Cisco (and other network vendors) have created a clever solution for this problem. spanning-tree portfast disables STP on a port; so ports are always in a forwarding state.

Unfortunately, spanning-tree portfast leaves your network at risk from a user inadvertently connecting a single cable to two ports — creating a network loop that cannot be detected that can potentially eat up all the CPU processing on the switch. Cisco (and other network vendors) have come up with a solution for this too. spanning-­tree portfast bpduguard will automatically disable a port if a single BPDU frame is detected. This is not an intelligent protocol, so do NOT use spanning-tree portfast bpduguard on any switch uplinks as it will definitely shut those down as soon as it receives the first BPDU frame.

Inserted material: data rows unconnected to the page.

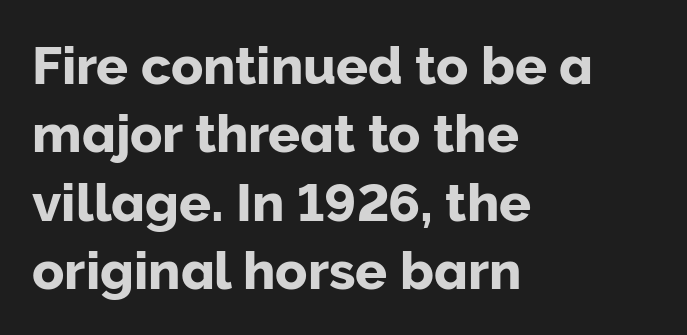
Q: Is the text italic (slanted)? A: No, it is upright.
Q: Is the typeface a serif or a sans-serif typeface? A: Sans-serif.
Q: Is the text underlined? A: No.
Q: How is the paragraph aligned? A: Left-aligned.
Q: Is the spacing between letters normal or unusually wide? A: Normal.
Q: Is the spacing between lines tight, normal or loose? A: Normal.
Q: Width (condensed, normal, or wide)? A: Normal.
Q: Stroke contrast? A: Low.
Q: x-height? A: Medium.
Q: Monospaced? A: No.
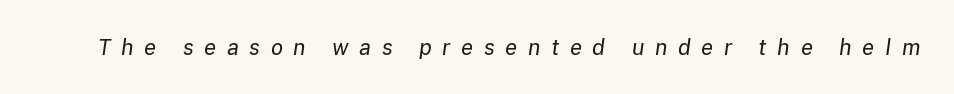
{"italic": "yes", "lean": "right", "slant_degrees": 8, "bold": "no", "underline": "no", "letter_spacing": "wide", "letter_spacing_em": 0.48, "glyph_px": 22}
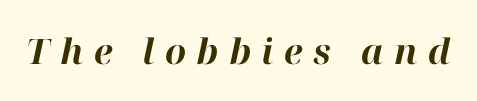
The image shows 35 px bold type, italic (leaning right); set unusually wide letter spacing (+0.3 em), not underlined; high stroke contrast and a medium x-height.
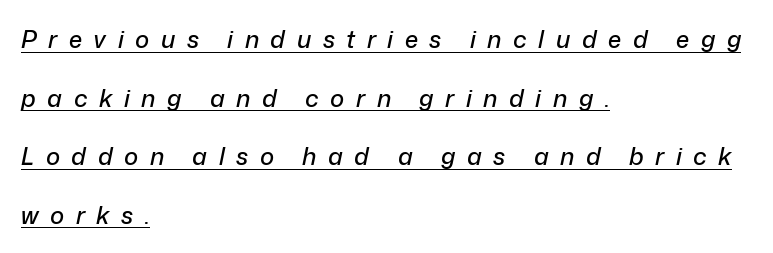
{"italic": "yes", "lean": "right", "slant_degrees": 12, "underline": "yes", "align": "left", "line_spacing": "loose", "line_spacing_ratio": 2.44, "letter_spacing": "wide", "letter_spacing_em": 0.48, "glyph_px": 24}

Usually when a port is shutdown, the user (or network administrator) will see the problem and resolve it. But if the port remains disabled, it requires an administrator to manually bring the port online. Cisco decided this is too much work for us network administrators, so they defined the errdisable recovery cause bpduguard command — this brings the port back online after 5 minutes (by default). If the loop still exists, it will be detected and the port will go offline again

Advanced Configurations

All of the below configurations are discussed in detail in the Cisco documentation on STP, but I will review them in brief.

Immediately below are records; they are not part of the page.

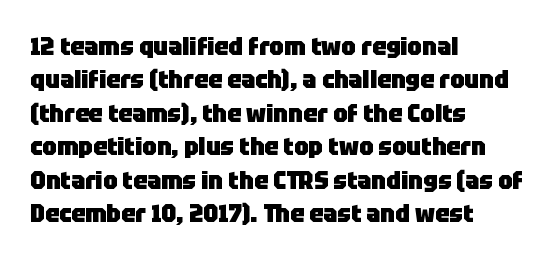
{"italic": "no", "bold": "yes", "underline": "no", "align": "left", "line_spacing": "normal", "line_spacing_ratio": 1.34, "letter_spacing": "normal", "letter_spacing_em": 0.0, "glyph_px": 25}
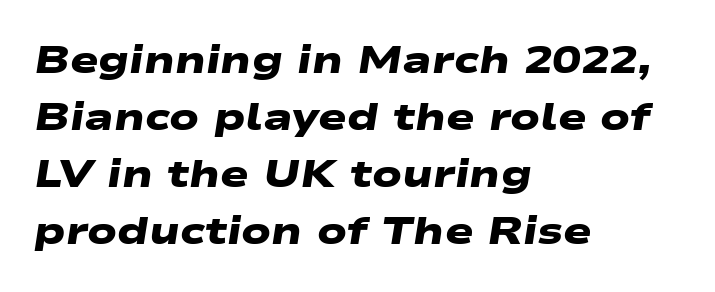
{"serif": "no", "bold": "yes", "weight": "heavy", "width": "wide", "stroke_contrast": "low", "x_height": "medium", "monospaced": "no", "underline": "no", "align": "left", "line_spacing": "normal", "line_spacing_ratio": 1.5, "letter_spacing": "normal", "letter_spacing_em": 0.0, "glyph_px": 38}
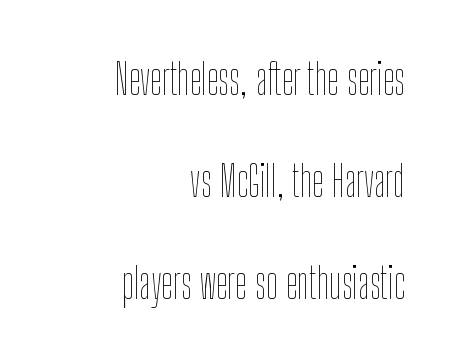
This sample has the flowing, uneven cadence of proportional lettering. A flush-right, rag-left setting is used for this passage. The characters are drawn with everyday or finer stroke widths. The gap between lines stays unmarked.
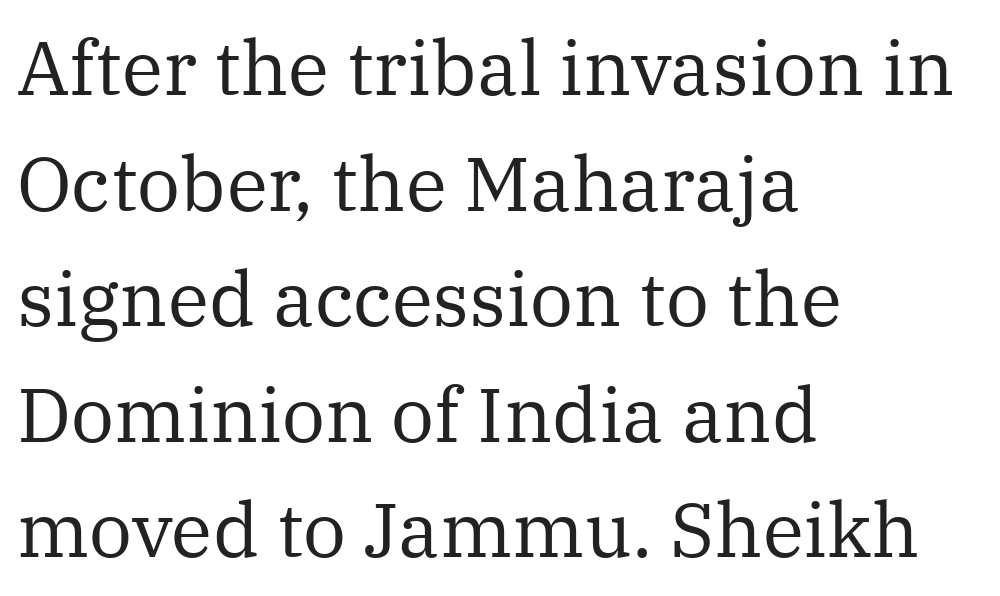
Weight: in the light-to-regular range. Underlining? Definitely not there. This sample keeps an unexceptional amount of space between lines. Think of a printed novel: that variable character pitch is what you see here. Casual observation: everything's shoved over to the left. Letter spacing: default.

Bpdufilter is an alternative to bpduguard. Like bpduguard it watches for incoming BPDU frames, but in addition it filters outbound BPDU frames (less traffic for hosts which discard these frames anyway), and if a BPDU frame is received on this port (a switching loop is created) then the port loses its portfast status and STP starts to monitor the port. There is some risk here in the event of a user looping two ports at their own desk, as the loop would not be detected.

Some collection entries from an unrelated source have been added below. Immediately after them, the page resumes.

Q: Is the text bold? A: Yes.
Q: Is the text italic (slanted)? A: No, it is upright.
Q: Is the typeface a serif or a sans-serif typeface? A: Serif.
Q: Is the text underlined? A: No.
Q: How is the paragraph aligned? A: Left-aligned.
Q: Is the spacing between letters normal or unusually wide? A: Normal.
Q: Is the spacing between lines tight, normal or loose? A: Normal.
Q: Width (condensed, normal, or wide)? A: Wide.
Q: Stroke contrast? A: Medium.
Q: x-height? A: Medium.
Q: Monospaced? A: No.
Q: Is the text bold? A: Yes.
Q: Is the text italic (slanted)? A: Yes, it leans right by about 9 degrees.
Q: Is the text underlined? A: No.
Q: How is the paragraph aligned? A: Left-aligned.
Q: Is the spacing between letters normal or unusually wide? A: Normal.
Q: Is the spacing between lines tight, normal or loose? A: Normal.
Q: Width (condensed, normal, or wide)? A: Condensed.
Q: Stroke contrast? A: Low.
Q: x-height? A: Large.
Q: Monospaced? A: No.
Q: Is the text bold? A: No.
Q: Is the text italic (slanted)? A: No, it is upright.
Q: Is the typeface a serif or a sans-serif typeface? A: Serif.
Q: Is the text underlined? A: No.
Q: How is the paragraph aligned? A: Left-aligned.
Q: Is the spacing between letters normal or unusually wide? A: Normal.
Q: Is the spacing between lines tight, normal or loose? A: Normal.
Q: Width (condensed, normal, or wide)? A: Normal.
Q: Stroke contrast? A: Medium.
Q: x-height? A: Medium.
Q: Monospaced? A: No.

Uplinkfast allows the network administrator to define redundant switch uplinks so they skip the Listening and Learning state in the event of a link failure. This allows the network to converge faster (Cisco says about 5 seconds) than it would have done otherwise.

Backbonefast allows switch backbone interfaces to detect and resolve indirect link failures faster than the normal STP timeouts would allow. Essentially, it allows a switch to detect a network link failure on a neighboring switch, and update its own topology very quickly.

Rootguard prevents a particular port from becoming a root port. This prevents a new switch connected to the edge of the network from becoming a root switch. Recall that the network administrator spends a lot of effort design the STP topology so the root switch is in a logical location — usually the core.

Loopguard detects a unidirectional link (usually a wiring fault) and moves the interface to the Listening state. This prevents STP calculation failures and neighboring switches will make incorrect assumptions about the network topology. There is another Layer 2 solution to this problem as well called udld which may provide more interoperability and flexibility than loopguard; Cisco has documentation on udld and loopguard here.

Rapid STP

Cisco has a white paper describing RSTP; the document is very concise and explains the differences between RSTP and STP quite clearly.

In short RSTP brings in the features of uplinkfast and backbonefast, (which were Cisco proprietary features in STP), updates the algorithm so that topology detection cascades across the network, instead of the slow plodding detection of STP, and finally it updates the timers so that convergence happens much faster.